From specialist author to man of letters
After Schlink had already made a name for himself as a legal author, he moved into literature in 1987. Together with a friend, he published the crime novel "Selbs Justiz", in which a detective is confronted with his Nazi past. The book was made into a film by ZDF in 1991 under the title "Der Tod kam als Freund".

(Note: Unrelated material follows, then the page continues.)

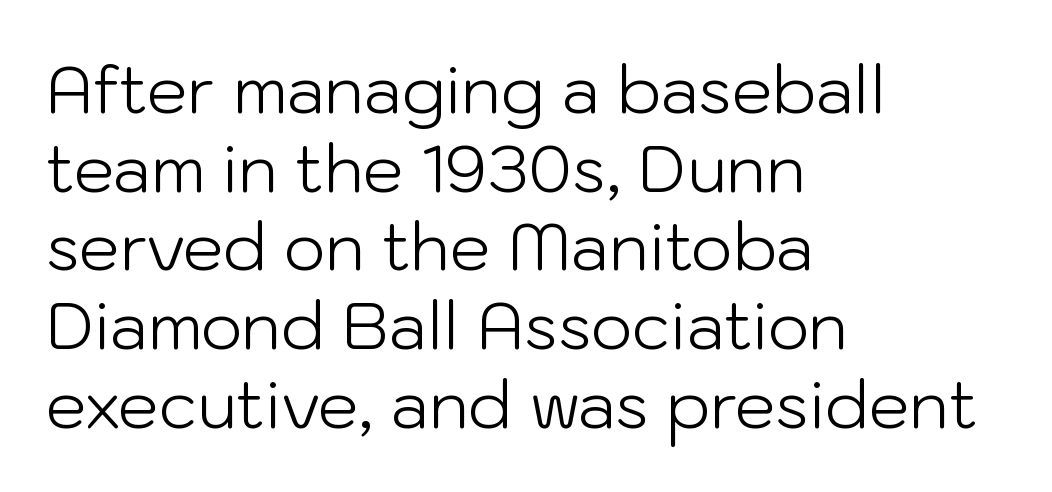
{"serif": "no", "italic": "no", "bold": "no", "weight": "light", "width": "normal", "stroke_contrast": "low", "x_height": "medium", "monospaced": "no", "underline": "no", "align": "left", "line_spacing_ratio": 1.21, "letter_spacing": "normal", "letter_spacing_em": 0.0, "glyph_px": 65}

After further crime novels, "The Reader" was finally published in 1995. The book also made Schlink famous in the USA, where US talk show host Oprah Winfrey named it book of the month in 1999. The book found more than one million readers in the USA. The book became more widely known not least thanks to the multi-Oscar-nominated 2008 film adaptation starring British actress Kate Winslet in the role of Schmitz.
Happy" while writing
Schlink is praised for his clear and precise language. After "The Reader", Schlink wrote further novels - including "Die Heimkehr" (2006), "Die Frau auf der Treppe" (2014) and "Die Enkelin" (2021). His work is published by Diogenes Verlag in Zurich and regularly tops the bestseller lists in German-speaking Switzerland. Critics have occasionally accused him of kitsch and clichés. His most recent novel, "Das späte Leben", was published last year and was praised as a "quiet, great and important text".
Schlink himself always emphasized that he feels happy when writing. "I am completely with myself when I write," he recently said on Norddeutscher Rundfunk radio. "Writing is an escape for me, because nowhere am I more with myself than when I'm writing." In his private life, Schlink commutes between New York and Berlin. He has a partner from the USA and an adult son from a divorced marriage.